Question two: The following Matrix gives the number of units of three product ( \( \mathrm{M}, \mathrm{N} \) and O ), that can be processed per hour on three machines ( \( \mathrm{I}, \mathrm{II} \) and III) \[ \begin{array}{lll}\text { I } & \text { II } & \text { III }\end{array} \] \[ N\left[\begin{array}{lll}10 & 12 & 15 \\ 20 & 11 & 20 \\ 16 & 18 & 14\end{array}\right] \] Determine by using matrix algebra, how many units of each product can be produced, if the hours available on machine I, II and III are 50,40 and 42

To find the number of units of products \( \mathrm{M}, \mathrm{N}, \) and \( \mathrm{O} \) that can be produced using matrix algebra, we can set up a system of equations based on the given matrix and the available hours for each machine. Let \( x_1, x_2, \) and \( x_3 \) be the number of units produced of products \( \mathrm{M}, \mathrm{N}, \) and \( \mathrm{O} \), respectively. We will use the matrix of processing capabilities and the hours available for each machine to create the equation: \[ \begin{bmatrix} 10 & 12 & 15 \\ 20 & 11 & 20 \\ 16 & 18 & 14 \end{bmatrix} \begin{bmatrix} x_1 \\ x_2 \\ x_3 \end{bmatrix} = \begin{bmatrix} 50 \\ 40 \\ 42 \end{bmatrix} \] By solving this matrix equation using techniques such as Gaussian elimination or using an inverse matrix, you'll find the values of \( x_1, x_2, \) and \( x_3 \).

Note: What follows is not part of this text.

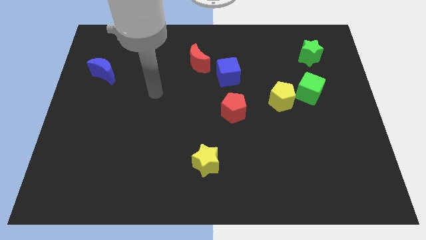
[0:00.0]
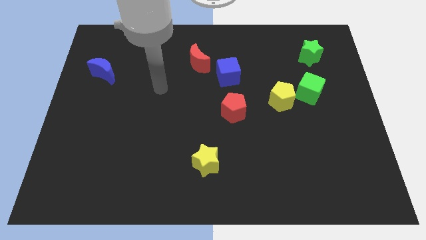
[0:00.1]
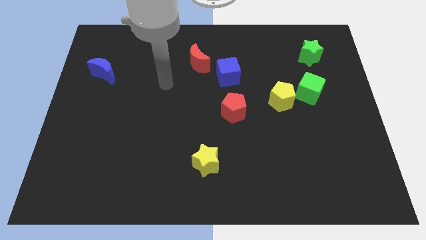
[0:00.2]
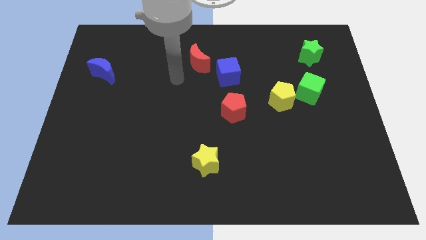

One fun historical tip: the concept of using linear algebra and matrix methods to solve real-world problems dates back to ancient civilizations! While matrices became formalized in the 19th century, similar systems can be traced back to various historical applications like resource allocation in agriculture or inventory management in trade. For practical application in today's world, businesses regularly utilize matrix algebra for resource optimization. For instance, manufacturers might use these calculations to determine how many products to produce based on limited machine time and different product line efficiencies. This not only saves time but also maximizes profit, helping to streamline operations in a fun, dynamic way!